Listed records –

★ ★ ★

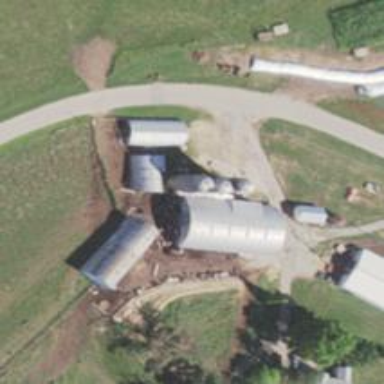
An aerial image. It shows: Silo.
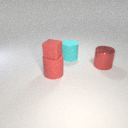
large cyan rubber cylinder to the left of large red metal cylinder
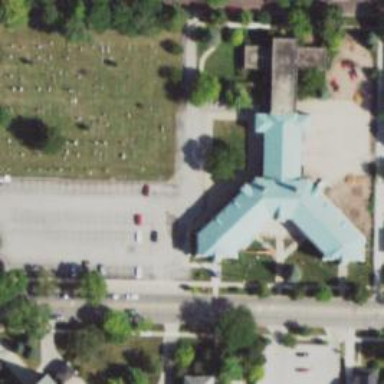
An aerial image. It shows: Cemetery.
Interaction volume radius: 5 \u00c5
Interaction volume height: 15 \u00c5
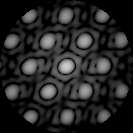
Disorder parameter: 0.09658
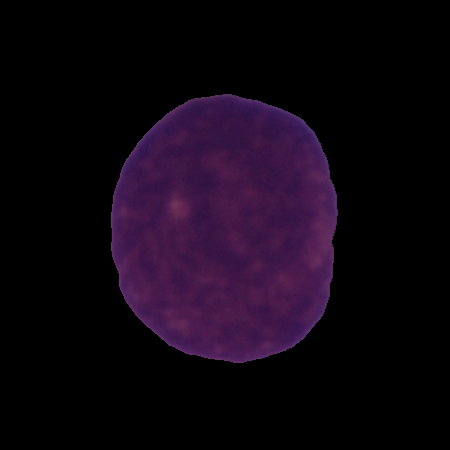
Label: cancer
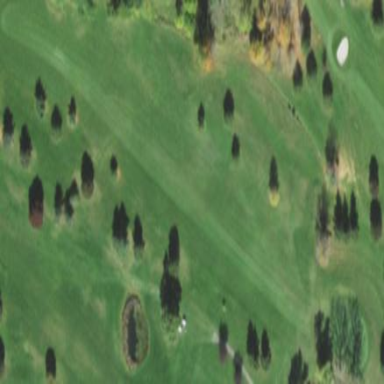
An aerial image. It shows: Golf fairway in the image.
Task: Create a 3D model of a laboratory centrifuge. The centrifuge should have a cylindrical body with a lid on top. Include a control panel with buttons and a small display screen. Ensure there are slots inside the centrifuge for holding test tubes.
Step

★ ★ ★

Task objective –
Your output should be the full set of entries above, restated word for word and free of pictures.

Task response –
An aerial image. It shows: Silo.
large cyan rubber cylinder to the left of large red metal cylinder
An aerial image. It shows: Cemetery.
Interaction volume radius: 5 \u00c5
Interaction volume height: 15 \u00c5
Disorder parameter: 0.09658
Label: cancer
An aerial image. It shows: Golf fairway in the image.
Task: Create a 3D model of a laboratory centrifuge. The centrifuge should have a cylindrical body with a lid on top. Include a control panel with buttons and a small display screen. Ensure there are slots inside the centrifuge for holding test tubes.
Step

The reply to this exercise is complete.